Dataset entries

--------

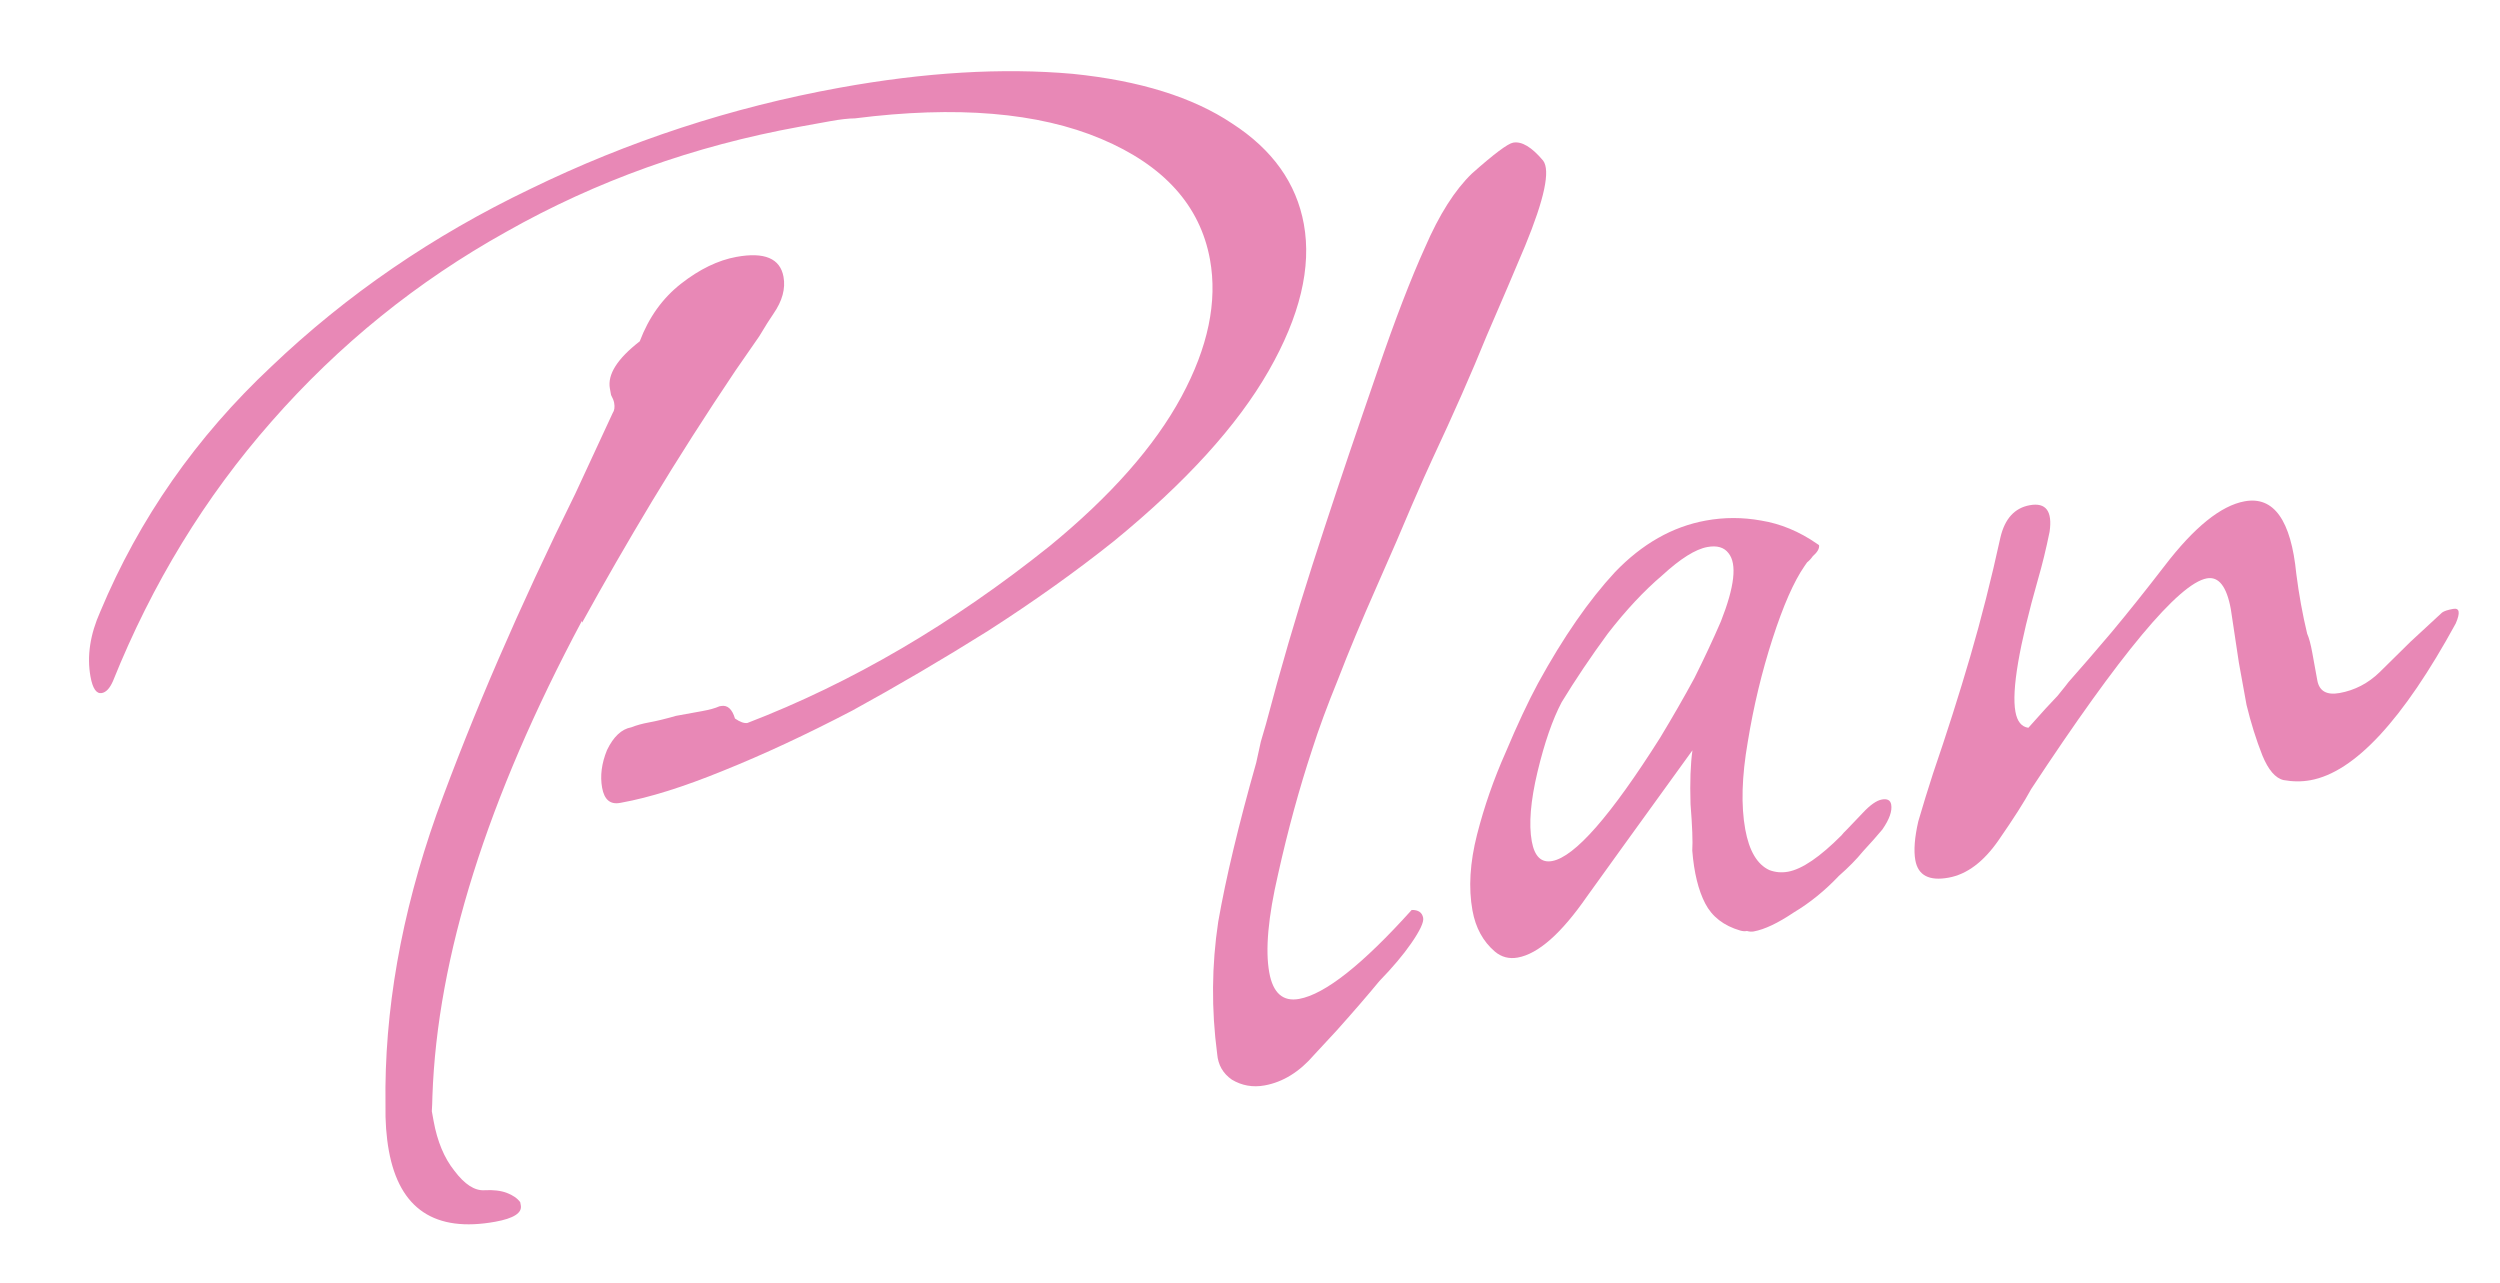 <svg width="152" height="78" viewBox="0 0 152 78" fill="none" xmlns="http://www.w3.org/2000/svg">
<path d="M118.474 53.362C117.294 53.577 116.62 53.225 116.453 52.306C116.346 51.716 116.406 50.926 116.633 49.936C116.925 48.934 117.224 47.966 117.528 47.029C118.369 44.573 119.124 42.2 119.793 39.91C120.461 37.621 121.073 35.206 121.628 32.666C121.897 31.533 122.49 30.884 123.409 30.717C124.393 30.538 124.795 31.075 124.616 32.327C124.401 33.382 124.168 34.339 123.917 35.198C122.759 39.27 122.3 41.962 122.538 43.274C122.645 43.865 122.907 44.19 123.325 44.249C124.112 43.361 124.705 42.711 125.105 42.3C125.493 41.823 125.713 41.546 125.767 41.468C126.554 40.58 127.422 39.576 128.371 38.455C129.373 37.257 130.449 35.909 131.601 34.413C133.408 32.052 135.033 30.741 136.476 30.479C138.247 30.157 139.294 31.628 139.615 34.889C139.775 36.147 139.996 37.361 140.276 38.53C140.389 38.78 140.493 39.168 140.588 39.693C140.672 40.152 140.773 40.709 140.892 41.365C141.011 42.021 141.464 42.278 142.251 42.135C143.17 41.968 143.975 41.551 144.667 40.883L146.563 39.014L148.478 37.244C148.597 37.155 148.821 37.08 149.149 37.021C149.542 36.949 149.596 37.244 149.309 37.906C146.106 43.773 143.159 46.95 140.47 47.438C139.945 47.533 139.402 47.53 138.842 47.429C138.347 47.316 137.918 46.817 137.554 45.935C137.179 44.987 136.857 43.961 136.589 42.858C136.387 41.743 136.232 40.89 136.125 40.3L135.634 37.035C135.384 35.657 134.898 35.034 134.176 35.165C132.471 35.475 128.91 39.746 123.493 47.979C123.088 48.73 122.429 49.765 121.516 51.082C120.603 52.4 119.589 53.16 118.474 53.362Z" fill="#E888B6"/>
<path d="M106.628 56.631C106.497 56.655 106.359 56.646 106.216 56.604C106.085 56.628 105.948 56.619 105.805 56.577C104.803 56.284 104.094 55.736 103.677 54.931C103.259 54.126 102.997 53.055 102.89 51.719C102.926 51.171 102.891 50.229 102.784 48.893C102.743 47.545 102.782 46.454 102.901 45.619L98.758 51.352L96.486 54.508C94.929 56.756 93.527 57.993 92.281 58.219C91.756 58.314 91.294 58.195 90.894 57.861C90.173 57.246 89.717 56.414 89.527 55.365C89.277 53.987 89.37 52.446 89.805 50.741C90.241 49.036 90.82 47.372 91.542 45.75C92.252 44.063 92.911 42.656 93.52 41.529C95.047 38.745 96.604 36.497 98.19 34.786C99.843 33.064 101.685 32.018 103.719 31.649C104.834 31.446 105.952 31.447 107.073 31.649C108.26 31.841 109.395 32.312 110.48 33.064L110.597 33.144C110.632 33.341 110.504 33.568 110.212 33.824C110.104 33.979 109.991 34.101 109.872 34.191C109.818 34.268 109.764 34.346 109.711 34.423C109.067 35.353 108.419 36.826 107.769 38.841C107.118 40.856 106.617 42.946 106.264 45.11C105.9 47.209 105.849 48.98 106.111 50.423C106.349 51.735 106.838 52.561 107.577 52.901C107.941 53.038 108.319 53.071 108.713 53C109.566 52.845 110.651 52.106 111.969 50.783C112.023 50.705 112.136 50.583 112.309 50.416C112.536 50.172 112.849 49.844 113.249 49.432C113.702 48.944 114.093 48.669 114.42 48.61C114.748 48.55 114.936 48.652 114.984 48.914C115.055 49.308 114.876 49.815 114.447 50.434C114.113 50.834 113.719 51.278 113.266 51.767C112.878 52.244 112.392 52.739 111.807 53.251C110.955 54.151 110.039 54.894 109.061 55.478C108.095 56.127 107.284 56.512 106.628 56.631ZM94.366 52.352C95.744 52.102 97.933 49.604 100.934 44.858C101.715 43.565 102.41 42.355 103.019 41.228C103.615 40.035 104.152 38.888 104.629 37.785C105.465 35.668 105.62 34.285 105.096 33.635C104.827 33.277 104.398 33.151 103.808 33.259C103.086 33.39 102.174 33.962 101.07 34.975C99.955 35.923 98.849 37.106 97.751 38.525C96.719 39.932 95.786 41.321 94.95 42.692C94.396 43.742 93.906 45.152 93.482 46.923C93.059 48.694 92.942 50.104 93.132 51.153C93.299 52.072 93.71 52.471 94.366 52.352Z" fill="#E888B6"/>
<path d="M76.893 65.993C76.171 66.124 75.507 66.007 74.898 65.643C74.356 65.267 74.058 64.746 74.004 64.078C73.647 61.365 73.669 58.684 74.069 56.037C74.535 53.378 75.305 50.155 76.379 46.369C76.493 45.874 76.585 45.451 76.657 45.099C76.782 44.669 76.887 44.312 76.97 44.026C77.854 40.681 78.794 37.461 79.79 34.367C80.787 31.272 81.796 28.243 82.816 25.28L83.747 22.57C84.809 19.464 85.776 16.951 86.647 15.031C87.506 13.046 88.455 11.552 89.493 10.551C90.835 9.358 91.67 8.733 91.998 8.673C92.522 8.578 93.13 8.942 93.822 9.765C94.269 10.361 93.905 12.087 92.729 14.943C92.115 16.41 91.33 18.246 90.375 20.452C89.486 22.646 88.382 25.15 87.064 27.964C86.819 28.483 86.411 29.404 85.838 30.728C85.319 31.974 84.603 33.628 83.69 35.691C82.777 37.754 81.998 39.623 81.354 41.299C80.698 42.908 80.175 44.325 79.787 45.547C79 47.926 78.307 50.457 77.71 53.14C77.101 55.758 76.922 57.755 77.172 59.133C77.398 60.379 78.003 60.913 78.987 60.734C80.561 60.448 82.843 58.645 85.831 55.325C86.237 55.319 86.469 55.48 86.529 55.808C86.576 56.07 86.332 56.589 85.795 57.364C85.312 58.061 84.67 58.822 83.871 59.644C83.149 60.52 82.281 61.525 81.267 62.658L79.908 64.124C79.013 65.167 78.008 65.79 76.893 65.993Z" fill="#E888B6"/>
<path d="M37.691 48.818C37.101 48.925 36.74 48.618 36.609 47.897C36.478 47.175 36.577 46.412 36.905 45.607C37.298 44.79 37.791 44.328 38.381 44.221C38.697 44.096 39.052 43.998 39.445 43.926C39.904 43.843 40.456 43.709 41.1 43.524C41.691 43.417 42.215 43.322 42.674 43.238C43.134 43.155 43.488 43.057 43.739 42.944L43.837 42.926C44.231 42.854 44.514 43.108 44.687 43.686C44.997 43.901 45.25 43.99 45.447 43.955C51.78 41.518 57.905 37.933 63.821 33.2C67.537 30.154 70.206 27.128 71.829 24.124C73.452 21.119 74.031 18.337 73.567 15.779C72.971 12.499 70.766 10.054 66.95 8.443C63.134 6.832 58.146 6.416 51.986 7.196C51.581 7.201 51.083 7.258 50.493 7.365C49.968 7.46 49.345 7.573 48.623 7.704C42.195 8.871 36.246 11.002 30.778 14.095C25.363 17.11 20.606 20.955 16.508 25.629C12.464 30.225 9.252 35.483 6.871 41.404C6.68 41.845 6.453 42.09 6.191 42.137C5.863 42.197 5.634 41.866 5.503 41.144C5.276 39.898 5.476 38.574 6.103 37.173C8.466 31.527 11.934 26.561 16.509 22.275C21.072 17.923 26.314 14.329 32.236 11.492C38.212 8.578 44.479 6.526 51.039 5.335C56.221 4.394 60.946 4.112 65.216 4.489C69.288 4.902 72.52 5.907 74.91 7.506C77.367 9.093 78.821 11.133 79.274 13.625C79.75 16.249 79.037 19.224 77.133 22.551C75.23 25.878 72.096 29.326 67.73 32.897C65.422 34.739 62.872 36.557 60.081 38.351C57.344 40.067 54.589 41.685 51.816 43.205C49.03 44.659 46.406 45.881 43.944 46.87C41.546 47.847 39.495 48.491 37.789 48.8L37.691 48.818ZM30.117 74.281C26.444 74.947 24.286 73.51 23.643 69.968C23.488 69.115 23.419 68.179 23.438 67.159C23.356 61.482 24.389 55.603 26.537 49.522C28.751 43.428 31.567 36.921 34.986 29.999L37.25 25.116C37.358 24.961 37.388 24.752 37.34 24.49C37.316 24.359 37.253 24.201 37.152 24.016C37.116 23.819 37.093 23.688 37.081 23.622C36.926 22.769 37.531 21.812 38.897 20.752C39.446 19.297 40.284 18.128 41.411 17.246C42.539 16.364 43.66 15.822 44.775 15.619C46.48 15.309 47.434 15.712 47.637 16.827C47.768 17.549 47.565 18.297 47.028 19.072C46.813 19.382 46.524 19.841 46.16 20.449C45.784 20.992 45.301 21.689 44.71 22.542C42.897 25.243 41.209 27.887 39.646 30.474C38.136 32.984 36.72 35.443 35.395 37.852L35.377 37.754C29.614 48.557 26.585 58.186 26.291 66.641C26.285 66.981 26.273 67.288 26.255 67.562C26.303 67.825 26.338 68.022 26.362 68.153C26.588 69.399 27.009 70.407 27.622 71.176C28.248 72.011 28.862 72.408 29.465 72.366C30.001 72.337 30.451 72.39 30.815 72.528C31.179 72.665 31.45 72.853 31.629 73.091L31.665 73.288C31.748 73.747 31.232 74.078 30.117 74.281Z" fill="#E888B6"/>
</svg>

--------

- _PROBLEM REQUIREMENTS_
Your answer should be the lines from the first record down to the line containing "53.362C117.294 53.577 116.62", restated exactly, with no pictures.

- _EXERCISE RESULT_
 <svg width="152" height="78" viewBox="0 0 152 78" fill="none" xmlns="http://www.w3.org/2000/svg">
<path d="M118.474 53.362C117.294 53.577 116.62 53.225 116.453 52.306C116.346 51.716 116.406 50.926 116.633 49.936C116.925 48.934 117.224 47.966 117.528 47.029C118.369 44.573 119.124 42.2 119.793 39.91C120.461 37.621 121.073 35.206 121.628 32.666C121.897 31.533 122.49 30.884 123.409 30.717C124.393 30.538 124.795 31.075 124.616 32.327C124.401 33.382 124.168 34.339 123.917 35.198C122.759 39.27 122.3 41.962 122.538 43.274C122.645 43.865 122.907 44.19 123.325 44.249C124.112 43.361 124.705 42.711 125.105 42.3C125.493 41.823 125.713 41.546 125.767 41.468C126.554 40.58 127.422 39.576 128.371 38.455C129.373 37.257 130.449 35.909 131.601 34.413C133.408 32.052 135.033 30.741 136.476 30.479C138.247 30.157 139.294 31.628 139.615 34.889C139.775 36.147 139.996 37.361 140.276 38.53C140.389 38.78 140.493 39.168 140.588 39.693C140.672 40.152 140.773 40.709 140.892 41.365C141.011 42.021 141.464 42.278 142.251 42.135C143.17 41.968 143.975 41.551 144.667 40.883L146.563 39.014L148.478 37.244C148.597 37.155 148.821 37.08 149.149 37.021C149.542 36.949 149.596 37.244 149.309 37.906C146.106 43.773 143.159 46.95 140.47 47.438C139.945 47.533 139.402 47.53 138.842 47.429C138.347 47.316 137.918 46.817 137.554 45.935C137.179 44.987 136.857 43.961 136.589 42.858C136.387 41.743 136.232 40.89 136.125 40.3L135.634 37.035C135.384 35.657 134.898 35.034 134.176 35.165C132.471 35.475 128.91 39.746 123.493 47.979C123.088 48.73 122.429 49.765 121.516 51.082C120.603 52.4 119.589 53.16 118.474 53.362Z" fill="#E888B6"/>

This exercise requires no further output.